[Records from a data source]
╭──

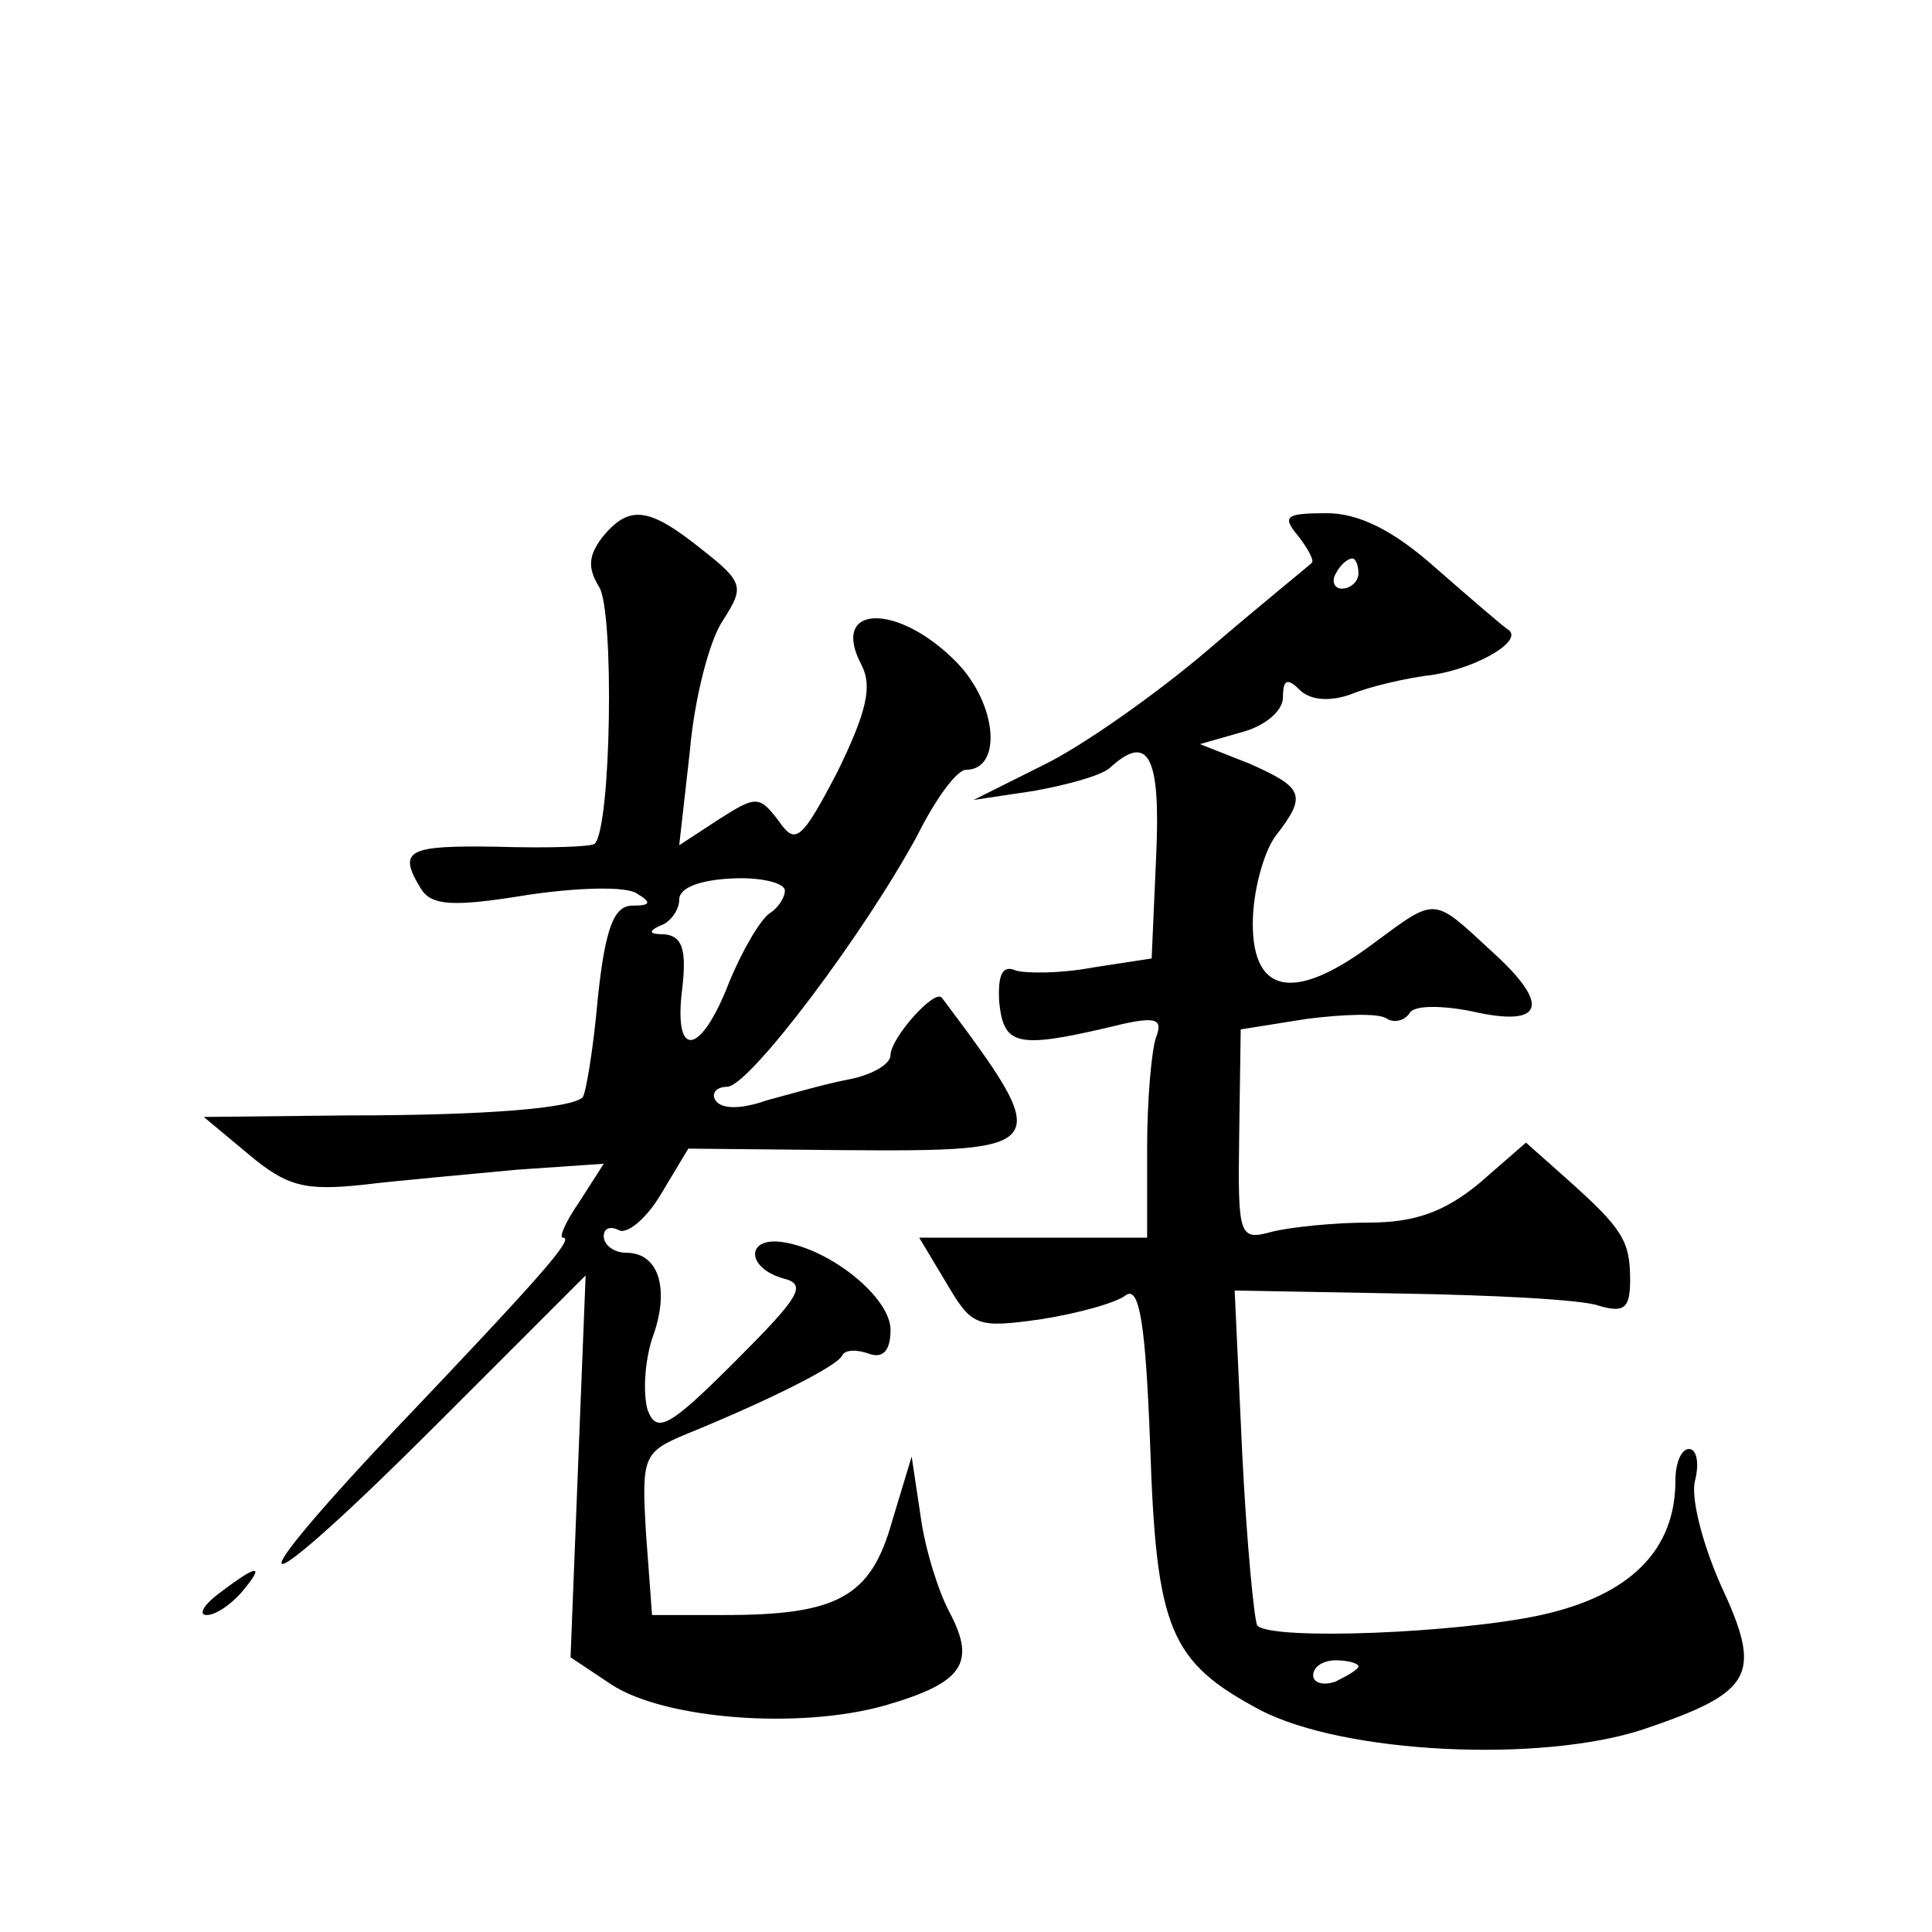 <?xml version="1.0" standalone="no"?>
<!DOCTYPE svg PUBLIC "-//W3C//DTD SVG 20010904//EN"
 "http://www.w3.org/TR/2001/REC-SVG-20010904/DTD/svg10.dtd">
<svg version="1.0" xmlns="http://www.w3.org/2000/svg"
 width="128pt" height="128pt" viewBox="0 0 128 128"
 preserveAspectRatio="xMidYMid meet">
<g transform="translate(0,128) scale(0.1,-0.1)"
fill="#0" stroke="none">
<path d="M399 924 c-9 -12 -10 -20 -2 -33 10 -16 8 -159 -3 -170 -2 -2 -30 -3 -64
-2 -60 1 -67 -2 -51 -28 7 -11 21 -12 70 -4 33 5 66 6 73 1 10 -6 9 -8 -3 -8 -12
0 -18 -14 -23 -62 -3 -34 -8 -63 -10 -65 -7 -7 -61 -12 -156 -12 l-95 -1 30 -25
c25 -21 37 -24 75 -20 25 3 71 7 102 10 l58 4 -16 -25 c-9 -13 -14 -24 -11 -24
8 0 -15 -26 -113 -129 -112 -119 -91 -115 29 5 l99 99 -5 -126 -5 -127 27 -18 c35
-23 124 -30 181 -14 52 15 61 28 43 62 -7 13 -16 41 -19 63 l-6 40 -13 -43 c-14
-50 -36 -62 -111 -62 l-48 0 -4 54 c-3 51 -2 54 27 66 54 22 100 45 103 52 2 4
10 4 18 1 9 -3 14 2 14 16 0 21 -39 53 -71 58 -25 4 -25 -17 0 -24 16 -4 11 -12
-32 -55 -44 -44 -52 -48 -58 -32 -3 11 -2 31 3 47 12 32 5 57 -17 57 -8 0 -15 5
-15 11 0 5 4 7 10 4 5 -3 18 7 28 24 l18 30 103 -1 c139 -1 140 1 65 101 -5 6 -34
-27 -34 -38 0 -6 -12 -13 -27 -16 -16 -3 -40 -10 -55 -14 -17 -6 -30 -6 -34 0 -3
5 1 9 8 9 15 1 91 102 126 167 12 24 26 43 32 43 24 0 21 43 -6 71 -39 40 -85 39
-63 -2 7 -14 3 -31 -16 -70 -24 -46 -28 -49 -39 -33 -13 17 -15 17 -40 1 l-26 -17
7 62 c3 35 13 74 22 87 14 22 14 25 -14 47 -35 28 -48 30 -66 8z m121 -234 c0 -5
-5 -12 -10 -15 -6 -4 -18 -24 -27 -46 -19 -49 -37 -51 -31 -4 3 26 0 35 -12 36
-10 0 -11 2 -2 6 6 2 12 10 12 17 0 8 14 13 35 14 19 1 35 -3 35 -8z M860 925 c7
-9 11 -17 9 -18 -2 -2 -33 -27 -68 -57 -35 -30 -85 -65 -110 -77 l-46 -23 40 6
c22 4 44 10 50 15 26 24 34 8 31 -58 l-3 -68 -39 -6 c-21 -4 -44 -4 -51 -2 -9 4
-12 -3 -11 -21 3 -28 11 -31 71 -17 32 8 38 7 33 -6 -3 -8 -6 -41 -6 -74 l0 -59
-76 0 -75 0 18 -30 c17 -29 20 -30 63 -24 25 4 50 11 56 16 9 6 13 -20 16 -99 4
-123 13 -144 73 -176 56 -29 185 -35 253 -13 74 25 80 36 52 96 -12 27 -20 58 -17
69 3 12 1 21 -4 21 -5 0 -9 -9 -9 -21 0 -46 -30 -76 -89 -89 -55 -12 -178 -17 -188
-7 -2 3 -7 54 -10 114 l-5 108 110 -2 c61 -1 120 -4 131 -8 17 -5 21 -2 21 17 0
26 -5 34 -42 67 l-27 24 -31 -27 c-23 -19 -43 -26 -73 -26 -23 0 -52 -3 -64 -6
-22 -6 -23 -4 -22 64 l1 70 44 7 c24 3 48 4 53 0 5 -3 12 -1 15 4 3 5 21 5 41 1
48 -11 53 4 13 40 -39 36 -36 36 -78 5 -52 -39 -80 -34 -80 13 0 21 7 47 15 58
21 27 19 32 -17 48 l-33 13 28 8 c15 4 27 14 27 23 0 12 3 13 11 5 7 -7 20 -8 34
-3 12 5 37 11 55 13 30 5 60 23 49 30 -2 1 -23 19 -47 40 -29 26 -52 37 -73 37
-27 0 -30 -2 -19 -15z m40 -25 c0 -5 -5 -10 -11 -10 -5 0 -7 5 -4 10 3 6 8 10 11
10 2 0 4 -4 4 -10z m0 -724 c0 -2 -7 -6 -15 -10 -8 -3 -15 -1 -15 4 0 6 7 10 15
10 8 0 15 -2 15 -4z M146 225 c-11 -8 -15 -15 -9 -15 6 0 16 7 23 15 16 19 11 19
-14 0z"/>
</g>
</svg>

╰──

▶ [PROBLEM]: Retype the lines from the one containing "10 8 0 15 -2" to the last line above. Change nothing and include no others.

▶ [TASK SOLUTION]:
10 8 0 15 -2 15 -4z M146 225 c-11 -8 -15 -15 -9 -15 6 0 16 7 23 15 16 19 11 19
-14 0z"/>
</g>
</svg>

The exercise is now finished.